Written By: Nishant Parsad
Let me ask you something honest, when was the last time you bought something you didn’t really need, but just wanted?
A ₹3,000 shirt on a Friday night whim?
A pair of sneakers for “motivation”?
Or maybe that Stanley cup you saw trending on Instagram, the one priced at ₹12,000 for a glorified sipper?
If any of this sounds familiar, welcome to the club. You're not alone, you’re part of a growing generation that's living in what we now call the “experience-first, regret-later” economy. Powered by social media aesthetics, low-friction credit, and emotionally-charged marketing, this economy runs on a deceptively simple fuel:
Buy Now. Pay Later.
Sounds harmless? Let’s unpack this, slowly and practically, not to guilt-trip you, but to understand what’s really going on.
A Market Growing Faster Than Your Salary
BNPL - Buy Now, Pay Later, isn’t just a catchy phrase. It’s a booming business.
In India alone, it’s estimated to be a $18 billion market, growing at 10–12% CAGR. And that’s just the formal piece of it. Add informal credit, credit card rollovers, and EMIs, and the number balloons even further.
What makes it click?
- Seamless checkout on apps
- Zero-interest EMIs
- ₹0 down payments
- Peer pressure disguised as lifestyle goals
You may think it's harmless. A pair of Jordans here, a Louis Vuitton clutch there, an iPhone upgrade before the old one slows down and before you know it, you're juggling 3 EMIs, your credit card bill, and a personal loan to bridge your "cash flow gap."
It doesn’t feel like debt until it does.

Why Our Brain Falls for It: The Dopamine Loop
Let’s bring in behavioral science for a second.
Every purchase, especially a luxury one, triggers a dopamine hit. That feeling of excitement, anticipation, reward. But here’s the trick: dopamine doesn’t last.
What sticks around is the EMI. And the mental burden of knowing you’ve committed your future income for something you probably won’t value a few months down the line.
And companies know this. That’s why you’ll often see two ads right next to each other:
One for an expensive watch. Another offering you a loan against your house.
Coincidence? Maybe.
But psychologically? It’s the perfect storm.
India’s Savings Crisis: A Slippery Slope
Here’s where things get serious.
India’s gross savings rate, the money households save as a percentage of GDP has been sliding for a decade. It fell from 35% in 2012 to just 30.7% in 2023.
That may not sound alarming… until you realize how quickly it compounds.
This isn't just a personal finance problem. It’s an economic vulnerability.
- Household debt as a % of gross disposable income is now at a 10-year high of 6.1%.
- Growth in personal loans has outpaced income growth.
- The BNPL ecosystem is growing faster than many consumer goods categories.
And it’s not just metros anymore. Thanks to e-commerce and digital credit, Tier 2 and Tier 3 cities are buying just as indulgently, from premium iPhones to ₹5-lakh handbags, often on borrowed money.

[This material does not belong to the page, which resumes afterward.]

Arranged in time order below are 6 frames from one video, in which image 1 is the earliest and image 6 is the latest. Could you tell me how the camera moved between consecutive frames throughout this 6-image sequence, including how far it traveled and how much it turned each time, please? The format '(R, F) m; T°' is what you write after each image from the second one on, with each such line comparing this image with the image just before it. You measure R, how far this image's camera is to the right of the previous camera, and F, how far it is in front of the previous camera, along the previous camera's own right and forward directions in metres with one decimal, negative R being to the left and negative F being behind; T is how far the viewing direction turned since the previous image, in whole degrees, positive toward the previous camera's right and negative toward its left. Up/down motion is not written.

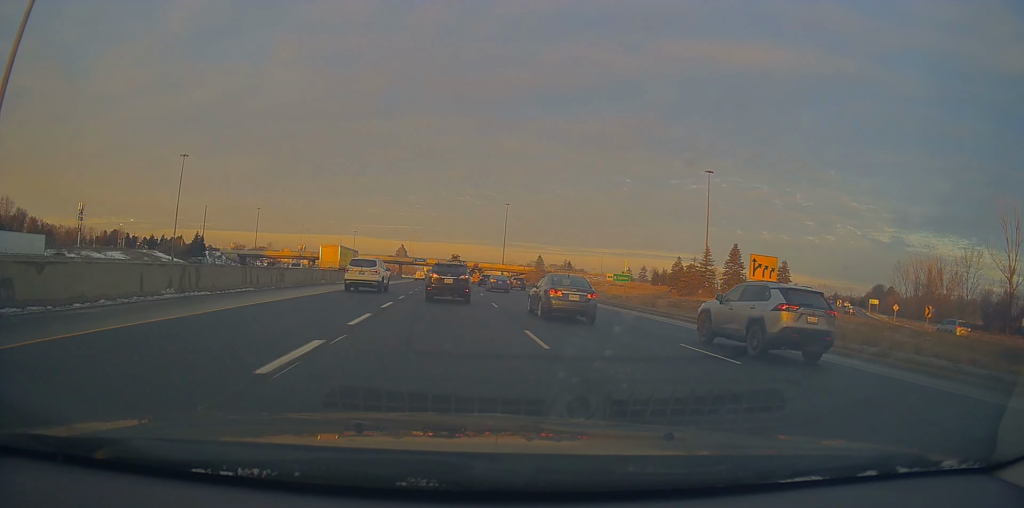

Borrowing for Lifestyle vs. Borrowing for Assets
Let’s be very clear here: not all debt is bad.
If you borrow to:
- Buy a house
- Start a business
- Fund higher education
- Purchase a car that helps you earn income
You’re using money as leverage to build an asset or capability that gives long-term returns.
But if you’re borrowing to:
- Buy a ₹7 lakh sneaker
- Fund a party vacation to Bali
- Upgrade from iPhone 14 to 15 because “camera is better”
Then you're using debt as a consumption trap, trading your future security for instant validation.
And it never ends with one swipe. Lifestyle inflation is addictive, and you’ll always find a reason to want a little more.
What Happens When the Music Stops?
Imagine this: You're 60. You’re not earning anymore. Maybe you want to take a spiritual trip. Maybe help your kids start their business. Or simply have the dignity to live without asking anyone for money.
But all you have left is...
- A wardrobe full of designer clothes
- EMIs that drained your prime saving years
- And no investment corpus to speak of
This isn’t fiction. It’s the reality many are walking into, eyes wide open, hoping that “tomorrow will somehow figure itself out.”
Let’s be blunt: Tomorrow doesn’t fix itself unless you plan for it today.
But Doesn’t Spending Help the Economy?
Yes, increased consumption does boost GDP in the short run. But reckless, debt-fueled consumption creates fragility.
We’ve seen this before.
- In 2008, it was the subprime mortgage crisis in the US, driven by people who borrowed too much, too easily.
- In India, we’re not at crisis levels, but rising consumer credit without corresponding income growth is a red flag.
So, when personal loan growth moderates, as it did in FY25 at 11.1%, lower than previous years, that’s actually a good sign from a personal finance and macro stability lens.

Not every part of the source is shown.